-- Entries shown follows --

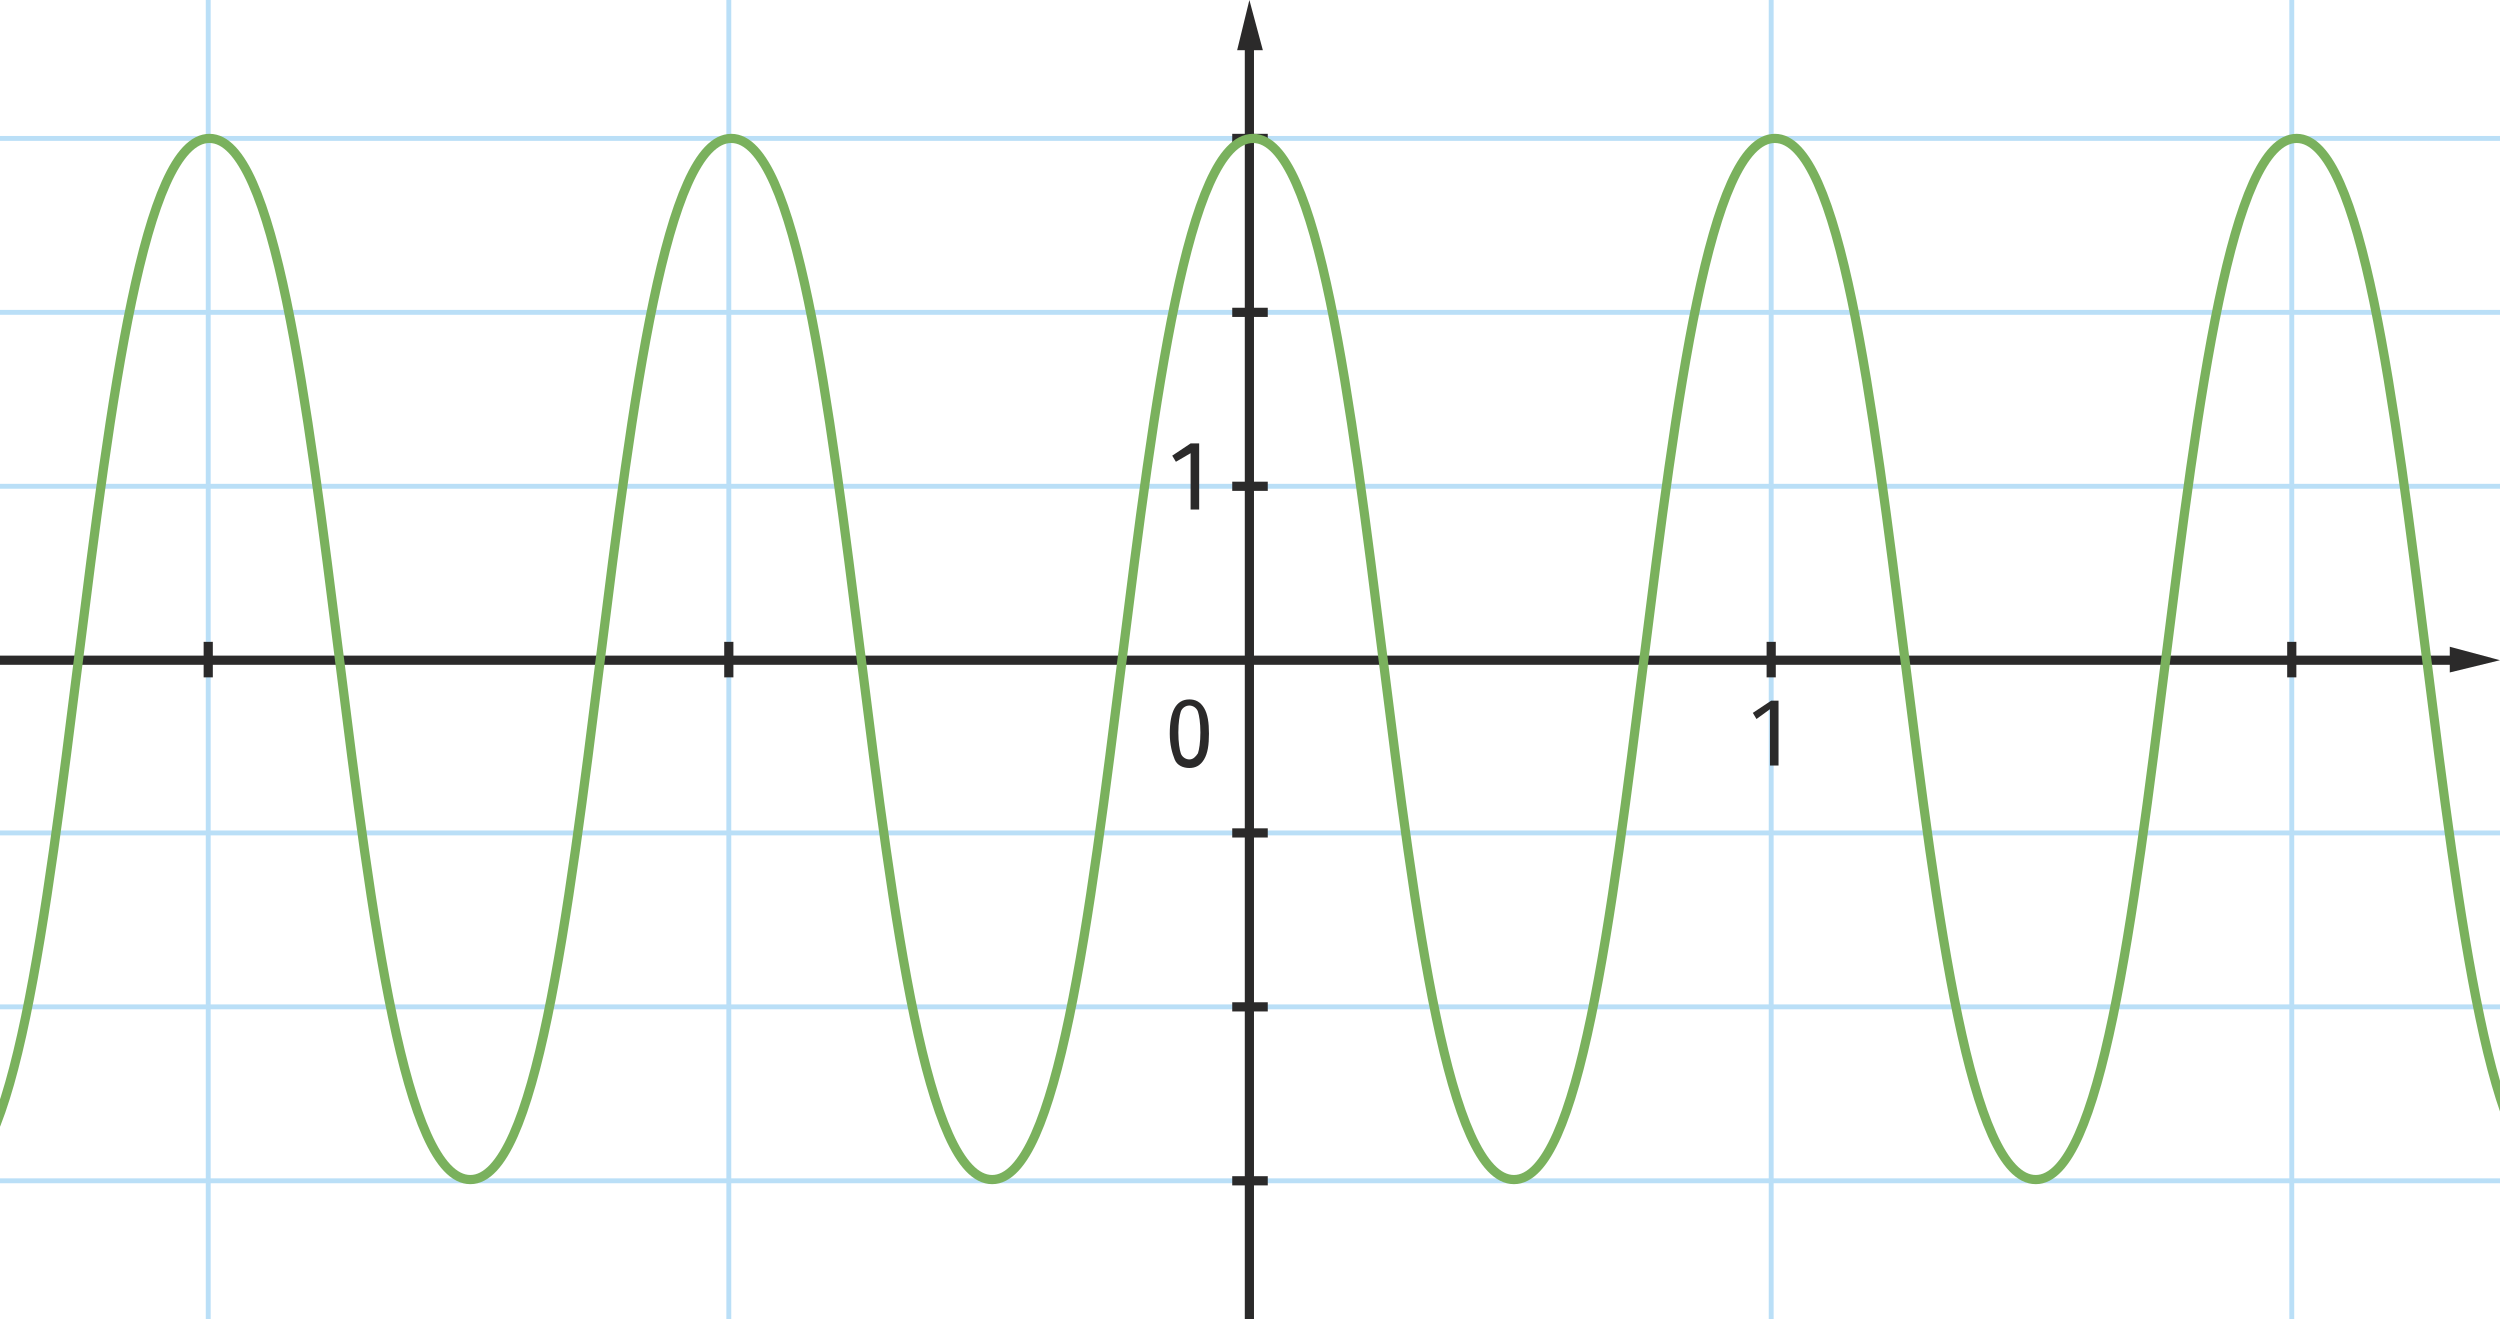<?xml version="1.0" encoding="utf-8"?>
<!-- Generator: Adobe Illustrator 25.0.0, SVG Export Plug-In . SVG Version: 6.00 Build 0)  -->
<svg version="1.1" xmlns="http://www.w3.org/2000/svg" xmlns:xlink="http://www.w3.org/1999/xlink" x="0px" y="0px"
	 viewBox="0 0 204.1 107.7" style="enable-background:new 0 0 204.1 107.7;" xml:space="preserve">
<style type="text/css">
	.Repere_x0020_fleche_x0020_haut{fill:none;stroke:#2B2A2A;stroke-width:0.75;stroke-miterlimit:10;}
	.st0{fill:none;stroke:#BADFF7;stroke-width:0.4;stroke-miterlimit:10;}
	.st1{fill:none;stroke:#90CDF1;stroke-width:0.4;stroke-miterlimit:10;}
	.st2{fill:none;stroke:#2B2A2A;stroke-width:0.75;stroke-miterlimit:10;}
	.st3{fill:#2B2A2A;}
	.st4{fill:none;stroke:#7AB15D;stroke-width:0.75;stroke-miterlimit:10;}
</style>
<g id="Calque_2">
	<line id="XMLID_659_" class="st0" x1="59.5" y1="120.4" x2="59.5" y2="-12.7"/>
	<line id="XMLID_661_" class="st0" x1="187.1" y1="120.4" x2="187.1" y2="-12.7"/>
	<line id="XMLID_660_" class="st0" x1="144.6" y1="120.4" x2="144.6" y2="-12.7"/>
	<line id="XMLID_8_" class="st0" x1="17" y1="120.4" x2="17" y2="-12.7"/>
	<line id="XMLID_667_" class="st0" x1="-9.6" y1="96.4" x2="213.7" y2="96.4"/>
	<line id="XMLID_666_" class="st0" x1="-9.6" y1="68" x2="213.7" y2="68"/>
	<line id="XMLID_664_" class="st0" x1="-9.6" y1="39.7" x2="213.7" y2="39.7"/>
	<line id="XMLID_663_" class="st0" x1="-9.6" y1="25.5" x2="213.7" y2="25.5"/>
	<line id="XMLID_5_" class="st0" x1="-9.6" y1="11.3" x2="213.7" y2="11.3"/>
	<line id="XMLID_6_" class="st0" x1="-9.6" y1="82.2" x2="213.7" y2="82.2"/>
	<g id="XMLID_506_">
		<g>
			<line class="st2" x1="102" y1="3.3" x2="102" y2="133.4"/>
			<g>
				<polygon class="st3" points="101,4.1 102,0 103.1,4.1 				"/>
			</g>
		</g>
	</g>
	<g id="XMLID_50_">
		<g>
			<line class="Repere_x0020_fleche_x0020_haut" x1="-19.2" y1="53.9" x2="200.8" y2="53.9"/>
			<g>
				<polygon class="st3" points="200,54.9 204.1,53.9 200,52.8 				"/>
			</g>
		</g>
	</g>
	<line id="XMLID_1_" class="st2" x1="103.5" y1="11.3" x2="100.6" y2="11.3"/>
	<line id="XMLID_4_" class="st2" x1="103.5" y1="25.5" x2="100.6" y2="25.5"/>
	<line id="XMLID_10_" class="st2" x1="103.5" y1="39.7" x2="100.6" y2="39.7"/>
	<line id="XMLID_11_" class="st2" x1="103.5" y1="68" x2="100.6" y2="68"/>
	<line id="XMLID_12_" class="st2" x1="103.5" y1="82.2" x2="100.6" y2="82.2"/>
	<line id="XMLID_13_" class="st2" x1="103.5" y1="96.4" x2="100.6" y2="96.4"/>
	<line id="XMLID_22_" class="st2" x1="17" y1="52.4" x2="17" y2="55.3"/>
	<line id="XMLID_20_" class="st2" x1="59.5" y1="52.4" x2="59.5" y2="55.3"/>
	<line id="XMLID_18_" class="st2" x1="144.6" y1="52.4" x2="144.6" y2="55.3"/>
	<line id="XMLID_16_" class="st2" x1="187.1" y1="52.4" x2="187.1" y2="55.3"/>
	<g>
		<path class="st3" d="M98.3,57.8c0.3,0.5,0.4,1.2,0.4,2.1c0,0.9-0.1,1.6-0.4,2.1s-0.7,0.7-1.2,0.7c-0.5,0-1-0.2-1.2-0.7
			s-0.4-1.2-0.4-2.1c0-1.8,0.5-2.8,1.6-2.8C97.6,57.1,98,57.3,98.3,57.8z M96.4,58.1c-0.1,0.3-0.2,0.9-0.2,1.7
			c0,0.8,0.1,1.4,0.2,1.7c0.1,0.3,0.4,0.5,0.7,0.5c0.3,0,0.5-0.2,0.7-0.5c0.1-0.3,0.2-0.9,0.2-1.7s-0.1-1.4-0.2-1.7
			s-0.4-0.5-0.7-0.5C96.8,57.6,96.5,57.8,96.4,58.1z"/>
	</g>
	<g>
		<path class="st3" d="M145.2,57.1v5.4h-0.7v-4.6l-1.1,0.8l-0.3-0.5l1.5-1H145.2z"/>
	</g>
	<g>
		<path class="st3" d="M97.9,36.2v5.4h-0.7v-4.6L96,37.7l-0.3-0.5l1.5-1H97.9z"/>
	</g>
</g>
<g id="courbe">
	<g id="XMLID_23_">
		<path class="st4" d="M-25.5,11.3c10.6,0,10.6,85,21.3,85c10.6,0,10.6-85,21.3-85c10.6,0,10.6,85,21.3,85c10.6,0,10.6-85,21.3-85
			c10.6,0,10.6,85,21.3,85c10.6,0,10.6-85,21.3-85c10.6,0,10.6,85,21.3,85c10.6,0,10.6-85,21.3-85c10.6,0,10.6,85,21.3,85
			c10.6,0,10.6-85,21.3-85c10.6,0,10.6,85,21.3,85c10.6,0,10.6-85,21.3-85"/>
	</g>
</g>
</svg>

-- Entries shown concluded --

Once the pictures are set aside, restate the remaining data above exactly.

<?xml version="1.0" encoding="utf-8"?>
<!-- Generator: Adobe Illustrator 25.0.0, SVG Export Plug-In . SVG Version: 6.00 Build 0)  -->
<svg version="1.1" xmlns="http://www.w3.org/2000/svg" xmlns:xlink="http://www.w3.org/1999/xlink" x="0px" y="0px"
	 viewBox="0 0 204.1 107.7" style="enable-background:new 0 0 204.1 107.7;" xml:space="preserve">
<style type="text/css">
	.Repere_x0020_fleche_x0020_haut{fill:none;stroke:#2B2A2A;stroke-width:0.75;stroke-miterlimit:10;}
	.st0{fill:none;stroke:#BADFF7;stroke-width:0.4;stroke-miterlimit:10;}
	.st1{fill:none;stroke:#90CDF1;stroke-width:0.4;stroke-miterlimit:10;}
	.st2{fill:none;stroke:#2B2A2A;stroke-width:0.75;stroke-miterlimit:10;}
	.st3{fill:#2B2A2A;}
	.st4{fill:none;stroke:#7AB15D;stroke-width:0.75;stroke-miterlimit:10;}
</style>
<g id="Calque_2">
	<line id="XMLID_659_" class="st0" x1="59.5" y1="120.4" x2="59.5" y2="-12.7"/>
	<line id="XMLID_661_" class="st0" x1="187.1" y1="120.4" x2="187.1" y2="-12.7"/>
	<line id="XMLID_660_" class="st0" x1="144.6" y1="120.4" x2="144.6" y2="-12.7"/>
	<line id="XMLID_8_" class="st0" x1="17" y1="120.4" x2="17" y2="-12.7"/>
	<line id="XMLID_667_" class="st0" x1="-9.6" y1="96.4" x2="213.7" y2="96.4"/>
	<line id="XMLID_666_" class="st0" x1="-9.6" y1="68" x2="213.7" y2="68"/>
	<line id="XMLID_664_" class="st0" x1="-9.6" y1="39.7" x2="213.7" y2="39.7"/>
	<line id="XMLID_663_" class="st0" x1="-9.6" y1="25.5" x2="213.7" y2="25.5"/>
	<line id="XMLID_5_" class="st0" x1="-9.6" y1="11.3" x2="213.7" y2="11.3"/>
	<line id="XMLID_6_" class="st0" x1="-9.6" y1="82.2" x2="213.7" y2="82.2"/>
	<g id="XMLID_506_">
		<g>
			<line class="st2" x1="102" y1="3.3" x2="102" y2="133.4"/>
			<g>
				<polygon class="st3" points="101,4.1 102,0 103.1,4.1 				"/>
			</g>
		</g>
	</g>
	<g id="XMLID_50_">
		<g>
			<line class="Repere_x0020_fleche_x0020_haut" x1="-19.2" y1="53.9" x2="200.8" y2="53.9"/>
			<g>
				<polygon class="st3" points="200,54.9 204.1,53.9 200,52.8 				"/>
			</g>
		</g>
	</g>
	<line id="XMLID_1_" class="st2" x1="103.5" y1="11.3" x2="100.6" y2="11.3"/>
	<line id="XMLID_4_" class="st2" x1="103.5" y1="25.5" x2="100.6" y2="25.5"/>
	<line id="XMLID_10_" class="st2" x1="103.5" y1="39.7" x2="100.6" y2="39.7"/>
	<line id="XMLID_11_" class="st2" x1="103.5" y1="68" x2="100.6" y2="68"/>
	<line id="XMLID_12_" class="st2" x1="103.5" y1="82.2" x2="100.6" y2="82.2"/>
	<line id="XMLID_13_" class="st2" x1="103.5" y1="96.4" x2="100.6" y2="96.4"/>
	<line id="XMLID_22_" class="st2" x1="17" y1="52.4" x2="17" y2="55.3"/>
	<line id="XMLID_20_" class="st2" x1="59.5" y1="52.4" x2="59.5" y2="55.3"/>
	<line id="XMLID_18_" class="st2" x1="144.6" y1="52.4" x2="144.6" y2="55.3"/>
	<line id="XMLID_16_" class="st2" x1="187.1" y1="52.4" x2="187.1" y2="55.3"/>
	<g>
		<path class="st3" d="M98.3,57.8c0.3,0.5,0.4,1.2,0.4,2.1c0,0.9-0.1,1.6-0.4,2.1s-0.7,0.7-1.2,0.7c-0.5,0-1-0.2-1.2-0.7
			s-0.4-1.2-0.4-2.1c0-1.8,0.5-2.8,1.6-2.8C97.6,57.1,98,57.3,98.3,57.8z M96.4,58.1c-0.1,0.3-0.2,0.9-0.2,1.7
			c0,0.8,0.1,1.4,0.2,1.7c0.1,0.3,0.4,0.5,0.7,0.5c0.3,0,0.5-0.2,0.7-0.5c0.1-0.3,0.2-0.9,0.2-1.7s-0.1-1.4-0.2-1.7
			s-0.4-0.5-0.7-0.5C96.8,57.6,96.5,57.8,96.4,58.1z"/>
	</g>
	<g>
		<path class="st3" d="M145.2,57.1v5.4h-0.7v-4.6l-1.1,0.8l-0.3-0.5l1.5-1H145.2z"/>
	</g>
	<g>
		<path class="st3" d="M97.9,36.2v5.4h-0.7v-4.6L96,37.7l-0.3-0.5l1.5-1H97.9z"/>
	</g>
</g>
<g id="courbe">
	<g id="XMLID_23_">
		<path class="st4" d="M-25.5,11.3c10.6,0,10.6,85,21.3,85c10.6,0,10.6-85,21.3-85c10.6,0,10.6,85,21.3,85c10.6,0,10.6-85,21.3-85
			c10.6,0,10.6,85,21.3,85c10.6,0,10.6-85,21.3-85c10.6,0,10.6,85,21.3,85c10.6,0,10.6-85,21.3-85c10.6,0,10.6,85,21.3,85
			c10.6,0,10.6-85,21.3-85c10.6,0,10.6,85,21.3,85c10.6,0,10.6-85,21.3-85"/>
	</g>
</g>
</svg>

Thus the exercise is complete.